Data extracted from a collection
⁂

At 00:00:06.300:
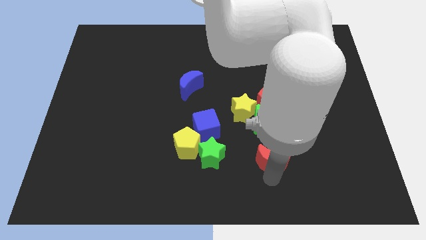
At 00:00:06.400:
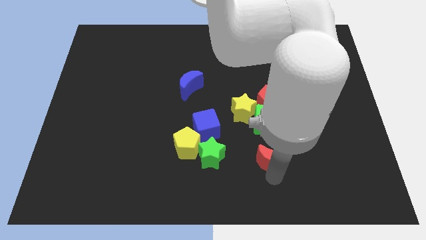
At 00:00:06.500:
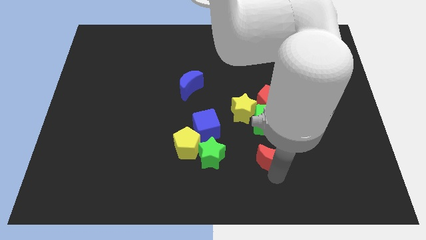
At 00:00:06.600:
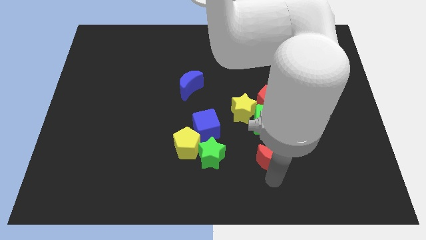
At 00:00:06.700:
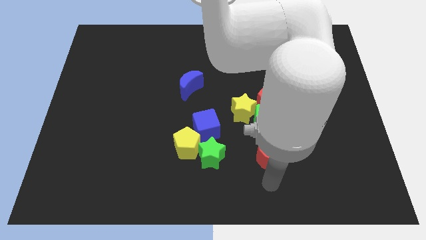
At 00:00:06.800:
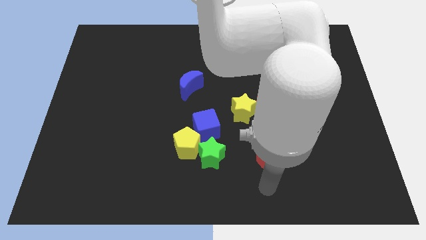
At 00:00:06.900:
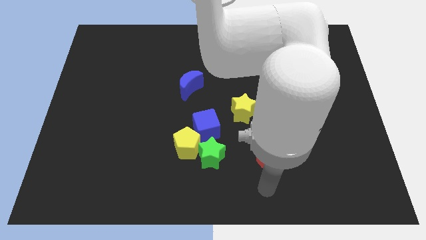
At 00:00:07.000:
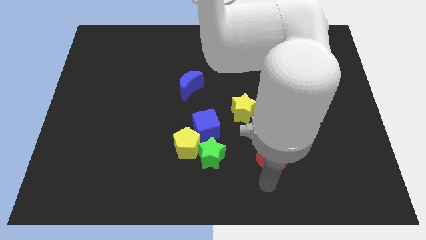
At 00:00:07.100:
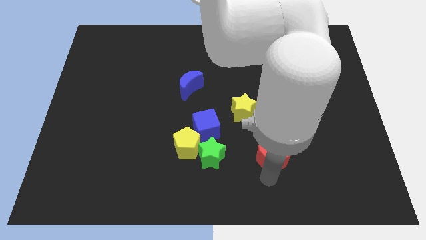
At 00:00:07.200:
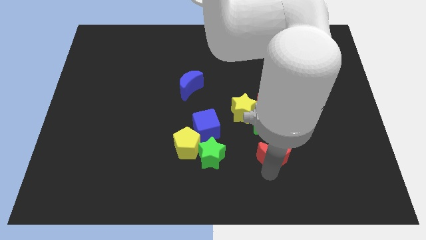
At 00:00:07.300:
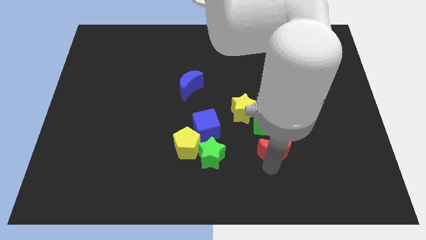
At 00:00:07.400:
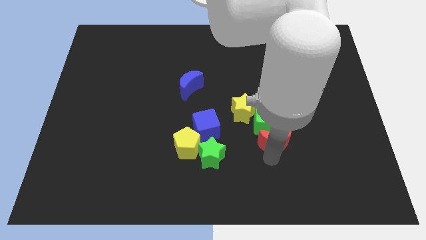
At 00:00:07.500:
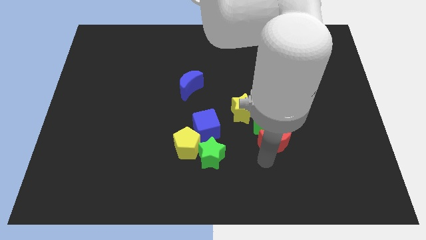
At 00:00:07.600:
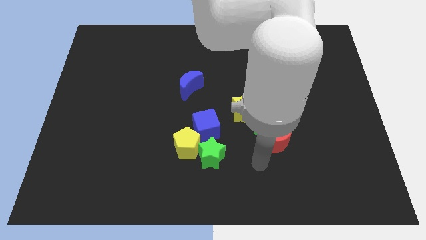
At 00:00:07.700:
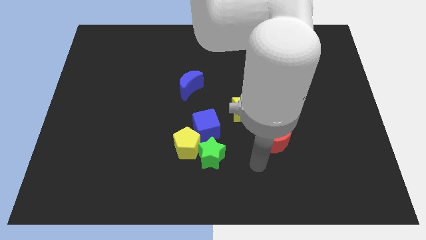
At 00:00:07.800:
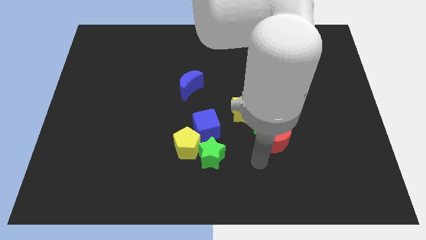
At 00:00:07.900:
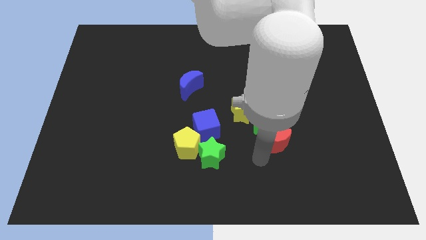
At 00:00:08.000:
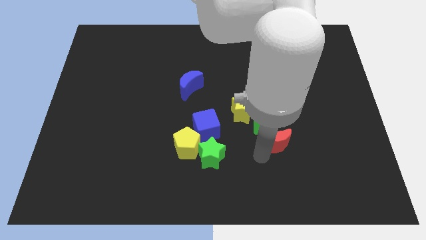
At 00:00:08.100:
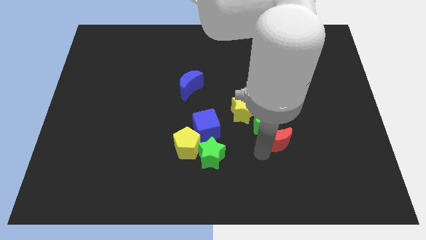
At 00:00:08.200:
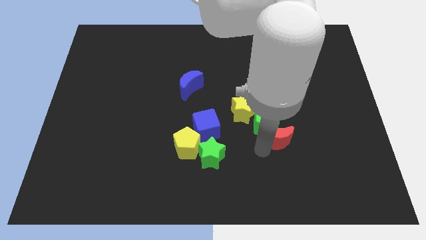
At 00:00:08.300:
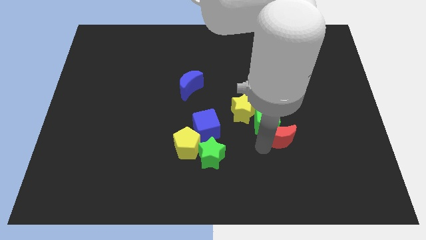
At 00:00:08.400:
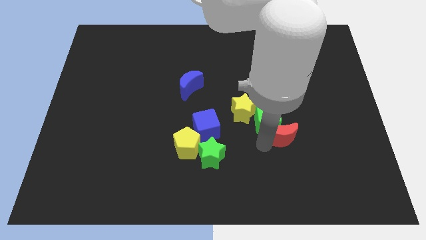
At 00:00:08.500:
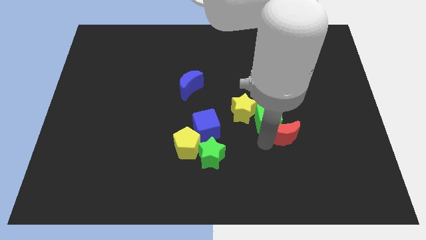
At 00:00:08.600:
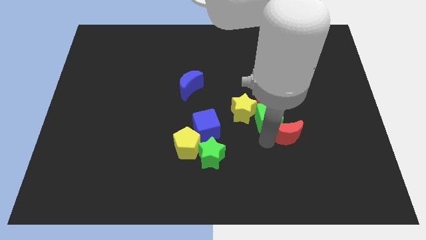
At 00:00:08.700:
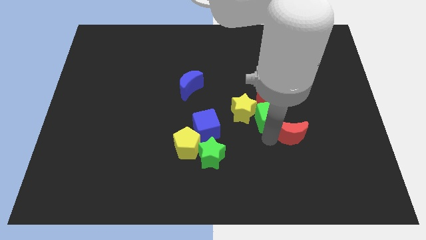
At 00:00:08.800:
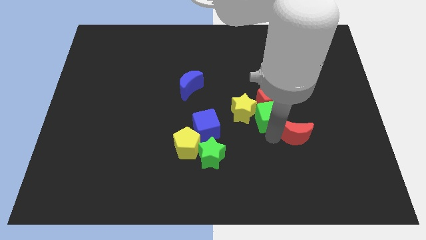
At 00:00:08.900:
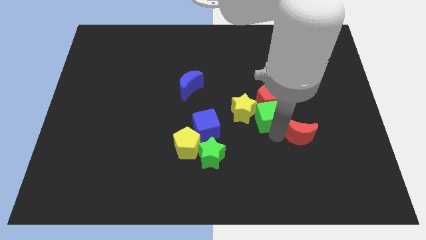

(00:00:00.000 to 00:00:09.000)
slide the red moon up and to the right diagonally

⁂

#### [Exercise objective]
Repeat the records above exactly, without pictures.

#### [Expected output]
At 00:00:06.300:
At 00:00:06.400:
At 00:00:06.500:
At 00:00:06.600:
At 00:00:06.700:
At 00:00:06.800:
At 00:00:06.900:
At 00:00:07.000:
At 00:00:07.100:
At 00:00:07.200:
At 00:00:07.300:
At 00:00:07.400:
At 00:00:07.500:
At 00:00:07.600:
At 00:00:07.700:
At 00:00:07.800:
At 00:00:07.900:
At 00:00:08.000:
At 00:00:08.100:
At 00:00:08.200:
At 00:00:08.300:
At 00:00:08.400:
At 00:00:08.500:
At 00:00:08.600:
At 00:00:08.700:
At 00:00:08.800:
At 00:00:08.900:

(00:00:00.000 to 00:00:09.000)
slide the red moon up and to the right diagonally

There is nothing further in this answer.